O que a guerra na Ucrânia tem a dizer sobre a mente e a natureza humana
Partindo de uma correspondência entre Freud e Einstein sobre as guerras, psicólogo reflete sobre os instintos por trás delas e suas repercussões emocionais
Em 1931, o físico Albert Einstein escreve uma carta ao psicanalista Sigmund Freud a pedido da Liga das Nações. O cientista quer saber do médico se seria possível a humanidade se livrar das guerras. Na época, o mundo havia acabado de superar os horrores da Primeira Guerra Mundial e da pandemia da gripe espanhola.
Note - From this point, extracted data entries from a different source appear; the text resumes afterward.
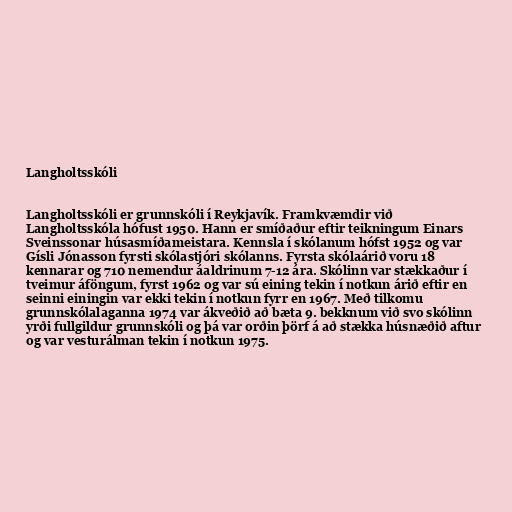
Langholtsskóli

Langholtsskóli er grunnskóli í Reykjavík. Framkvæmdir við
Langholtsskóla hófust 1950. Hann er smíðaður eftir teikningum Einars
Sveinssonar húsasmíðameistara. Kennsla í skólanum hófst 1952 og var
Gísli Jónasson fyrsti skólastjóri skólanns. Fyrsta skólaárið voru 18
kennarar og 710 nemendur áaldrinum 7-12 ára. Skólinn var stækkaður í
tveimur áföngum, fyrst 1962 og var sú eining tekin í notkun árið eftir en
seinni einingin var ekki tekin í notkun fyrr en 1967. Með tilkomu
grunnskólalaganna 1974 var ákveðið að bæta 9. bekknum við svo skólinn
yrði fullgildur grunnskóli og þá var orðin þörf á að stækka húsnæðið aftur
og var vesturálman tekin í notkun 1975.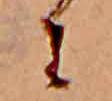
に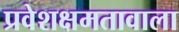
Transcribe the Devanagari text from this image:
प्रवेशक्षमतावाला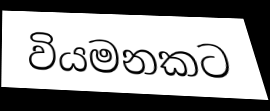
වියමනකට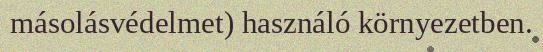
másolásvédelmet) használó környezetben.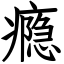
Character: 瘾
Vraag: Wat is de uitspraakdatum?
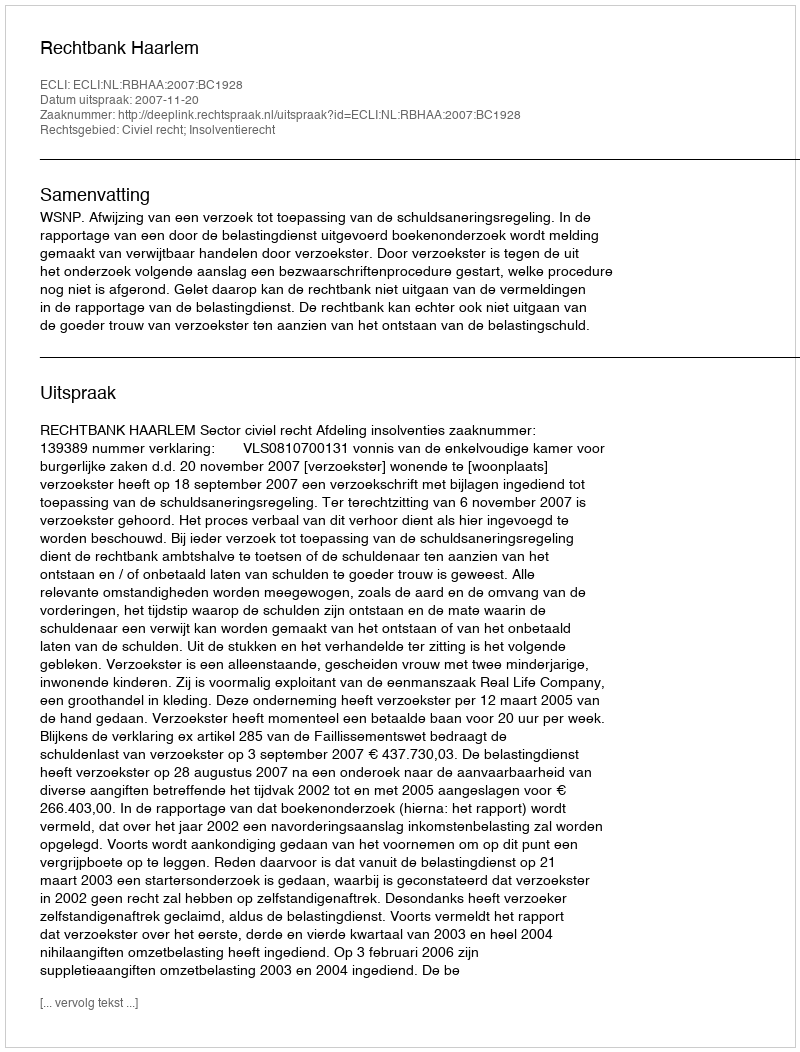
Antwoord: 2007-11-20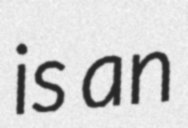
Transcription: is an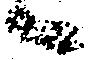
へ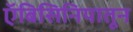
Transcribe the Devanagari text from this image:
ऍबिसिनियातून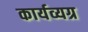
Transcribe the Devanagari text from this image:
कार्यव्यग्र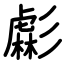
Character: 虨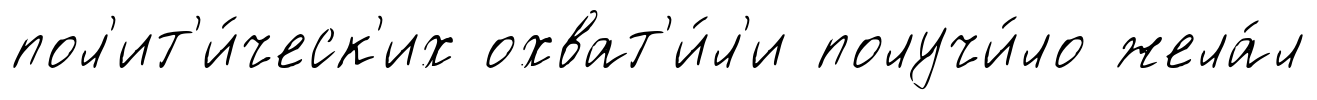
пол'ит'и́ческ'их охват'и́л'и получи́ло жела́л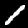
Label: 1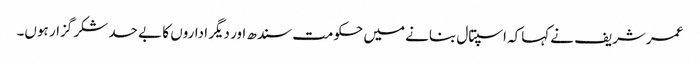
عمرشریف نے کہاکہ اسپتال بنانے میں حکومت سندھ اور دیگر اداروں کا بے حد شکر گزار ہوں۔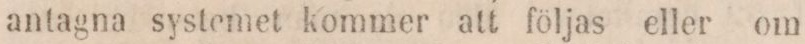
antagna systemet kommer att följas eller om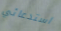
استدعائي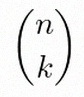
\binom{n}{k}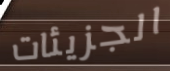
الجزيئات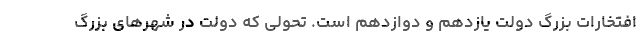
افتخارات بزرگ دولت یازدهم و دوازدهم است. تحولی که دولت در شهرهای بزرگ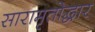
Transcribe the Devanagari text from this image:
सारामृतोद्धार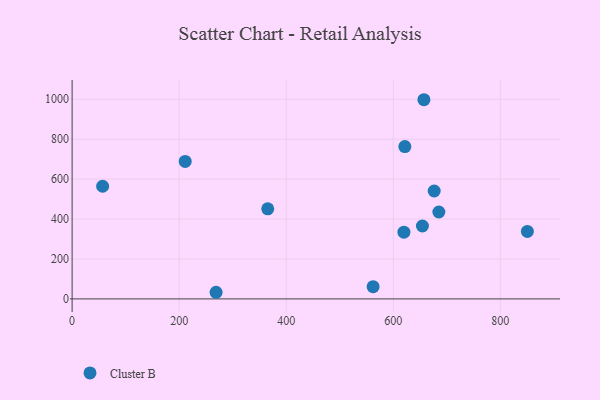
{"axis": {"x": "Distance", "y": "Demand"}, "legend": ["Cluster B"], "data": [{"x": "365.5", "y": 451.1, "type": "Cluster B"}, {"x": "654.5", "y": 365.1, "type": "Cluster B"}, {"x": "621.7", "y": 763.1, "type": "Cluster B"}, {"x": "57.0", "y": 564.2, "type": "Cluster B"}, {"x": "657.3", "y": 997.6, "type": "Cluster B"}, {"x": "619.9", "y": 334.3, "type": "Cluster B"}, {"x": "562.4", "y": 61.4, "type": "Cluster B"}, {"x": "269.0", "y": 33.2, "type": "Cluster B"}, {"x": "685.2", "y": 435.2, "type": "Cluster B"}, {"x": "850.6", "y": 338.2, "type": "Cluster B"}, {"x": "676.5", "y": 540.4, "type": "Cluster B"}, {"x": "211.3", "y": 688.8, "type": "Cluster B"}]}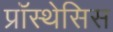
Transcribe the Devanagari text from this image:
प्रॉस्थेसिस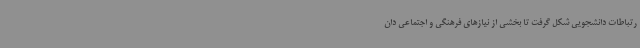
رتباطات دانشجویی شکل گرفت تا بخشی از نیازهای فرهنگی و اجتماعی دان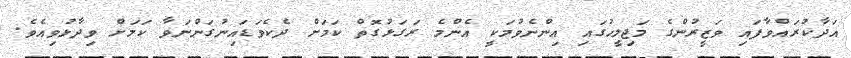
އަދާކުރައްވާފައި ވަޒީރުންގެ މަޖިލީހުގައި އިންނެވުމަކީ އެންމެ ރަގަޅުގޮތް ކަމަށް ދެކެވަޑައިނުގަންނަވާ ކަމަށް ވިދާޅުވިއެވެ.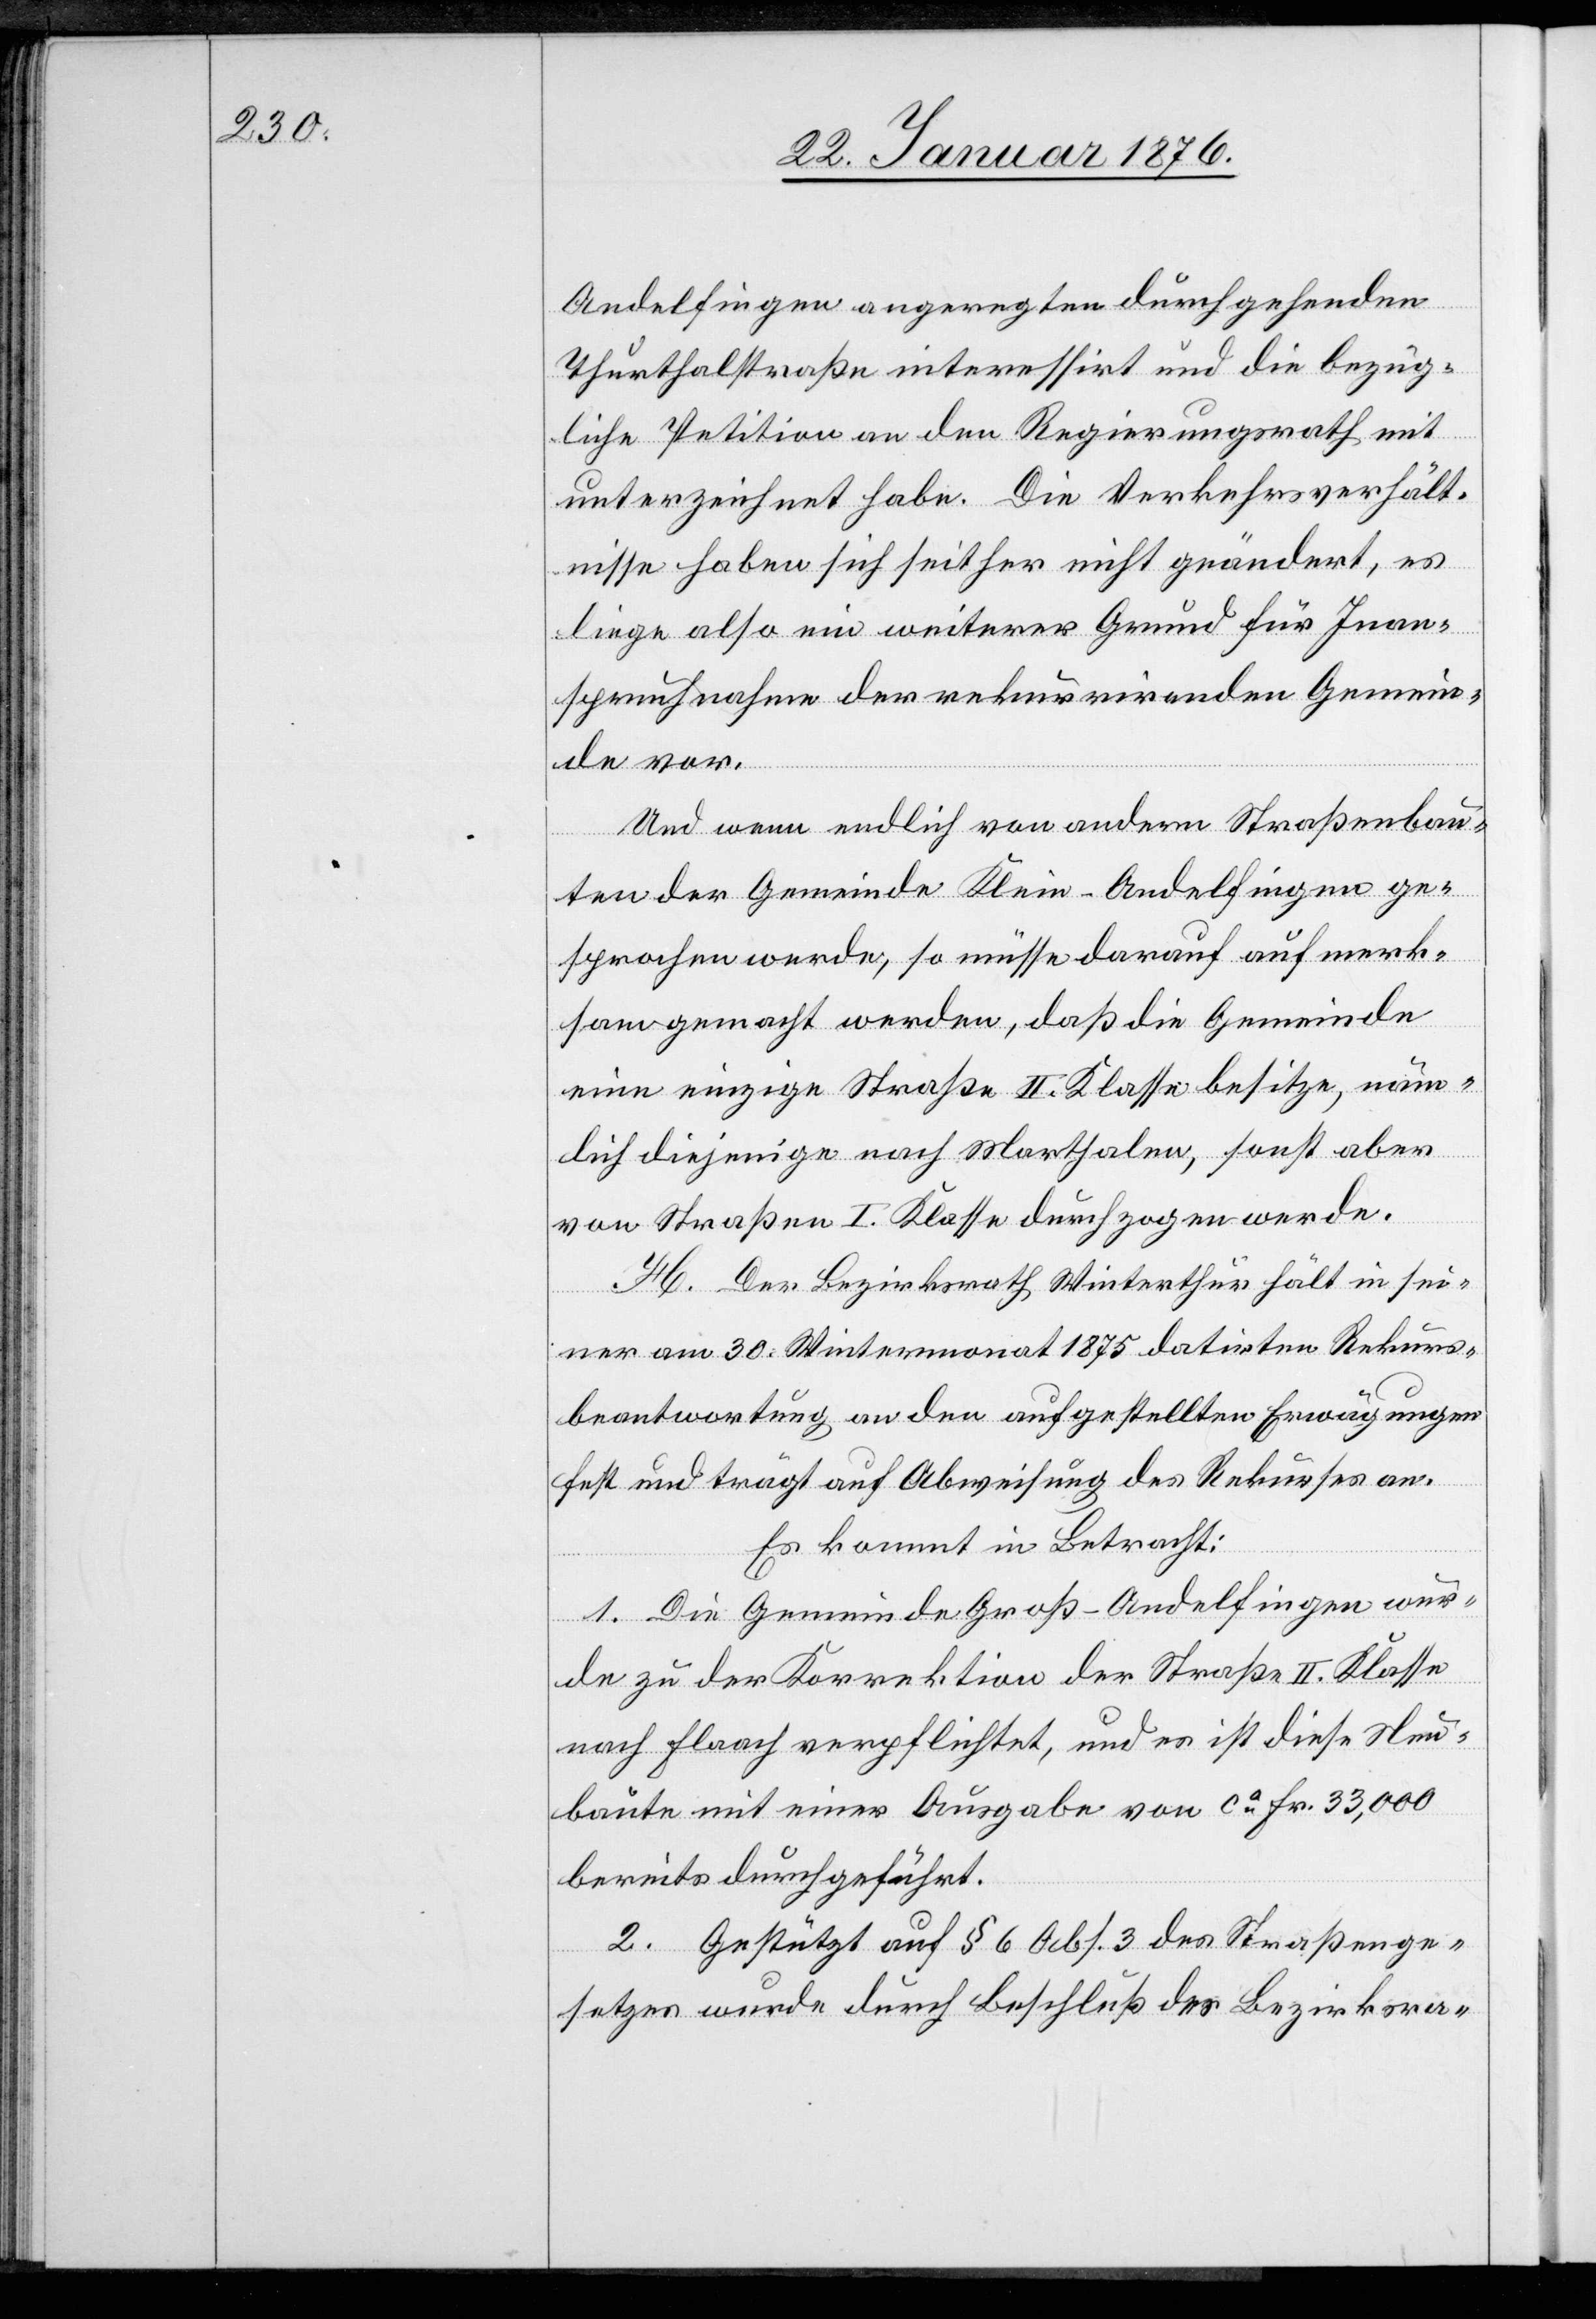
Andelfingen angeregten durchgehenden
Thurthalstraße interessirt und die bezüg¬
liche Petition an den Regierungsrath mit
unterzeichnet haben. Die Verkehrsverhält¬
nisse haben sich seither nicht geändert, es
liege also ein weiterer Grund für Inan¬
spruchnahme der rekurrirenden Gemein¬
de vor.
Und wenn endlich von andern Straßenbau¬
ten der Gemeinde Klein-Andelfingen ge¬
sprochen werde, so müsse darauf aufmerk¬
sam gemacht werden, daß die Gemeinde
eine einzige Straße II. Klasse besitze, näm¬
lich diejenige nach Marthalen, sonst aber
von Straßen I. Klasse durchzogen werde.
H. Der Bezirksrath Winterthur hält in sei¬
ner am 30. Wintermonat 1875 datirten Rekurs¬
beantwortung an den aufgestellten Erwägungen
fest und trägt auf Abweisung des Rekurses an.
Es kommt in Betracht:
1. Die Gemeinde Groß-Andelfingen wur¬
de zu der Korrektion der Straße II. Klasse
nach Flaach verpflichtet, und es ist diese Neu¬
baute mit einer Ausgabe von ca. Fr. 33,000
bereits durchgeführt.
2. Gestützt auf § 6 Abs. 3 des Straßenge¬
setzes wurde durch Beschluß des Bezirksra-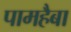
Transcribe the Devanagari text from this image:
पामहैबा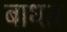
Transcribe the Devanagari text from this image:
बाधत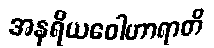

Parcela considerável da opinião pública acreditava no esforço civilizatório pela paz. No entanto, uma nova guerra estouraria em menos de uma década da correspondência.
Não seria exagero supor que muita gente se faça o mesmo tipo de pergunta hoje em dia, diante da invasão russa na Ucrânia. Ainda mais se considerarmos as semelhanças entre esses dois momentos históricos.
A resposta de Freud a Einstein tornou-se um texto de enorme interesse para a psicanálise e para a humanidade, especialmente em períodos de grande tensão como o que estamos vivendo.
“Por que a guerra?” (clique aqui para comprar): foi como se chamou a carta escrita pelo pai da psicanálise ao homem que revolucionou a física. Nela, Freud se debruça sobre os segredos do funcionamento do nosso aparelho psíquico.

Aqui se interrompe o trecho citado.